2026年6月25日 22 個節點 #finance#tech

被圍攻的平台租金

一張結構圖,梳理 App 商店向開發者營收抽取的『過路費』如何被訴訟與監管層層拆解——以及省下來的錢究竟有沒有落到開發者與消費者手中。

完整簡報

十多年來,行動裝置的雙寡頭幾乎對 App 內每一筆數位交易都課徵一筆統一的『稅』。這與其說是服務費,不如說是經濟租金——為掌控咽喉要道而收取的買路錢,而非為所交付的價值付費。如今反壟斷判決與監管正強行撬開這道過路費,把原本固定的經營成本,變成一個可爭奪、可議價的變數。

30% 的過路費

標準費率從何而來

30% 的抽成源自蘋果 2008 年的 App Store,Google Play 隨後照搬,把一個多年來無人質疑的業界預設值就此錨定。它把上架分發、付款處理、託管與審查綑綁成一筆不可拆分的抽成——讓開發者無法只為自己用到的部分付費。

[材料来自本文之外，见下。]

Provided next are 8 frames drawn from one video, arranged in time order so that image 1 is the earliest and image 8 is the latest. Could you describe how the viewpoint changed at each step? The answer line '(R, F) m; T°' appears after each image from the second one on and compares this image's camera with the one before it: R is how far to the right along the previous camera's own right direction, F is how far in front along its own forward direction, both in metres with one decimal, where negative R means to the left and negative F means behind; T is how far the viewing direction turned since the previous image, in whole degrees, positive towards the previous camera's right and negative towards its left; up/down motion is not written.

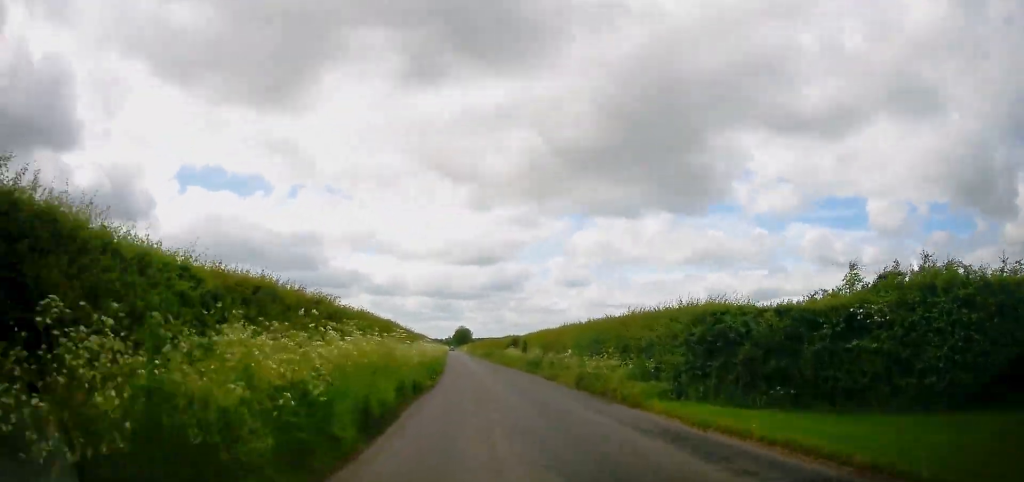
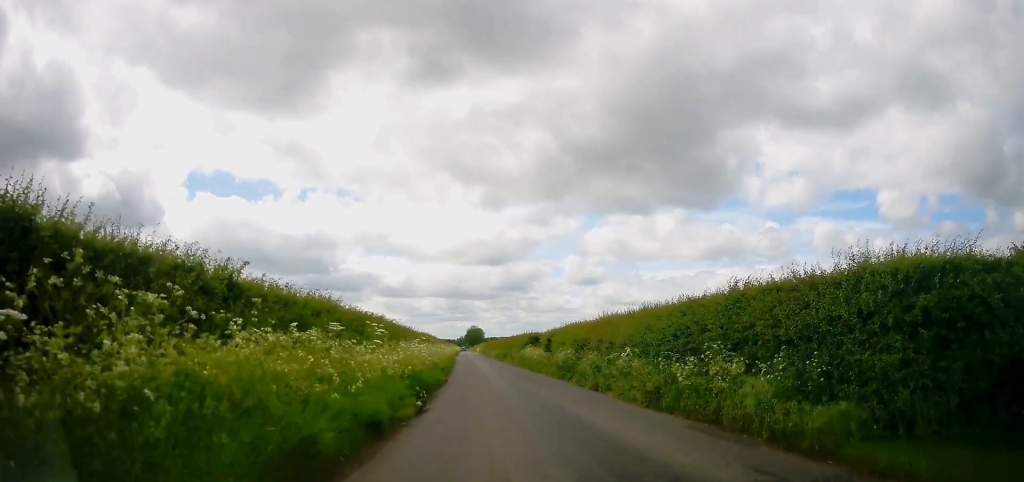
(+0.2, +7.3) m; +1°
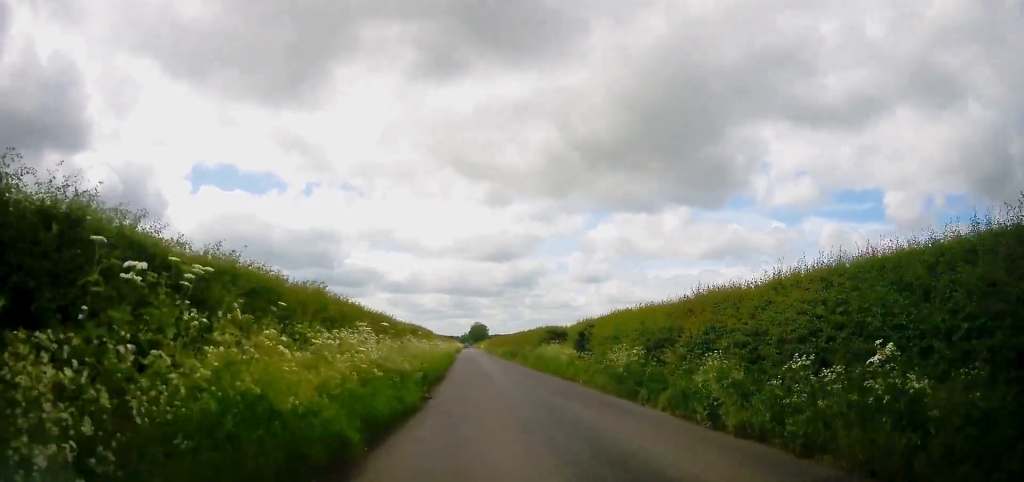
(-0.1, +10.4) m; -3°
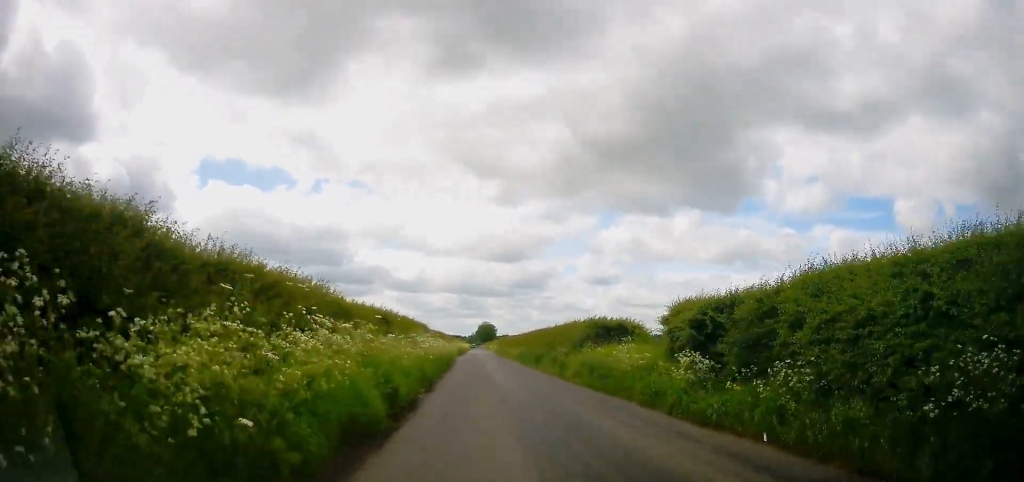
(-0.5, +13.6) m; -1°
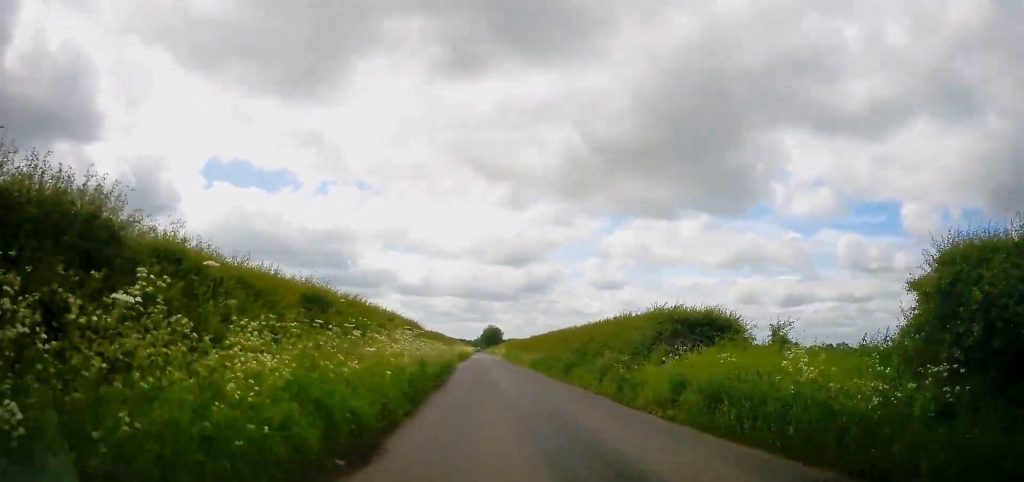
(+0.3, +9.9) m; -1°
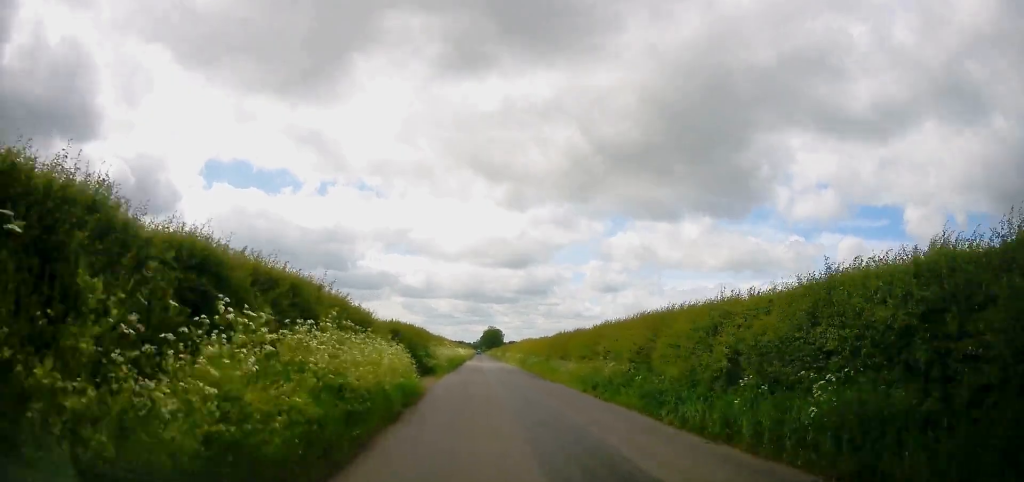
(-0.4, +20.3) m; 0°
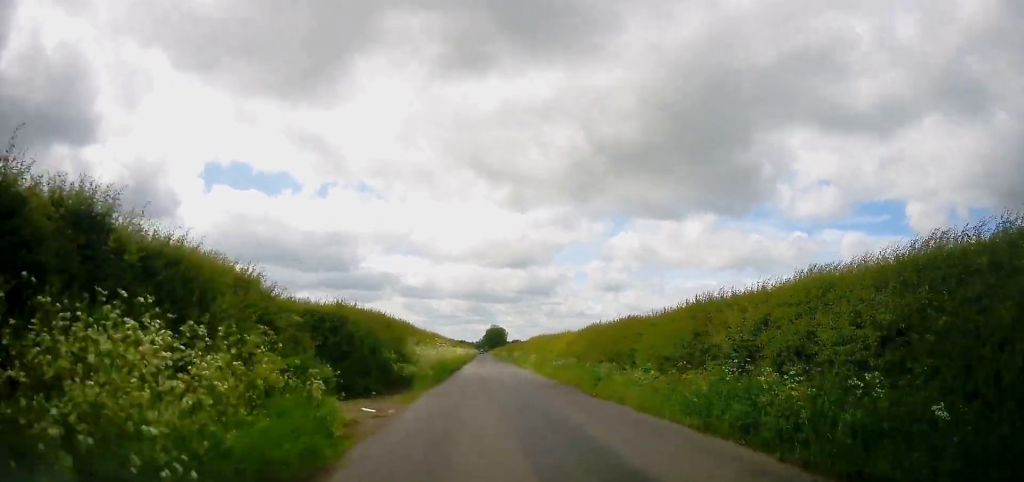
(+0.3, +10.9) m; +1°
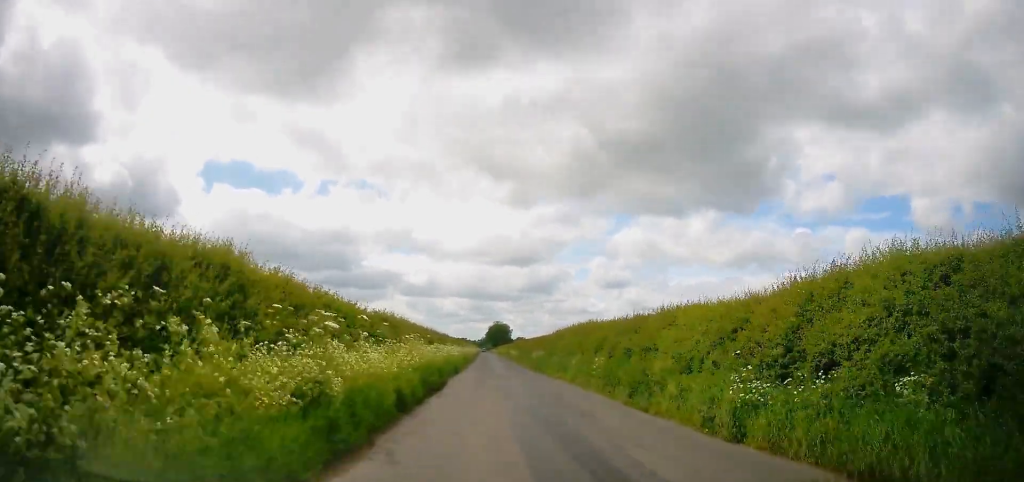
(-0.2, +20.8) m; -1°

同一費率能在兩個相互競爭的平台上長期並存,本身就證明這是非競爭性的均衡,而非市場結清價格。

綑綁的租金,而非服務

這筆抽成根本不是『處理費』

信用卡網路處理一筆付款的成本約為 2%-3%,因此 30% 的抽成無法用處理成本來解釋。這部分溢價是對商店守門人地位的租金——通往十億台已安裝裝置的唯一官方通道。一旦允許外部付款,真實服務成本與表面費率之間的鴻溝便暴露無遺,在政治上再難自圓其說。

費率分層機制

30%→20%、100 萬美元以下 10%、外加 5% 附加費

在壓力之下,統一的過路費裂解為多個級距:標準費率下調至 15%-20%,小型開發者前約 100 萬美元營收按 10% 計,以及——最關鍵的——對外部付款交易加徵約 5% 的附加費,以追回失去的租金。這筆附加費暴露了平台的策略:讓出付款通道,卻繼續從中揩油。開發者最終能省多少,完全取決於這筆附加費是否低於由此省下的處理與摩擦成本。

以設計應付法遵

嚇人警告頁與黑暗模式

平台可以在形式上合規的同時,刻意劣化替代付款的體驗:警告插頁、布滿摩擦的流程、對非商店內購買的支援縮水。這些『惡意法遵』的手法,透過讓開放路徑顯得不安全來守住租金。它們的氾濫程度,才是檢驗『不只是命令、而是執法本身是否長出牙齒』的最真實標尺。

外部付款

打破 App 內付款的鎖定

核心的結構性變化是允許替代付款與外部付款:開發者可以把結帳導向自己的付款系統,或外連到網頁。這斬斷了讓 30% 抽成無可逃避的『分發與付款』綑綁。一旦付款被解綁,商店就只能單憑分發價值來為費率辯護——而這個理由要弱得多。

引導與反引導

把使用者指向別處的權利

反引導規則歷來禁止開發者哪怕只是告訴使用者網頁上有更便宜的價格。廢除這些規則的意義,絲毫不亞於付款方式本身的改變,因為價格比較正是競爭的前提。引導把被困在 App 內的受眾,變成一個商店費率必須憑真本事去競爭的可爭奪市場。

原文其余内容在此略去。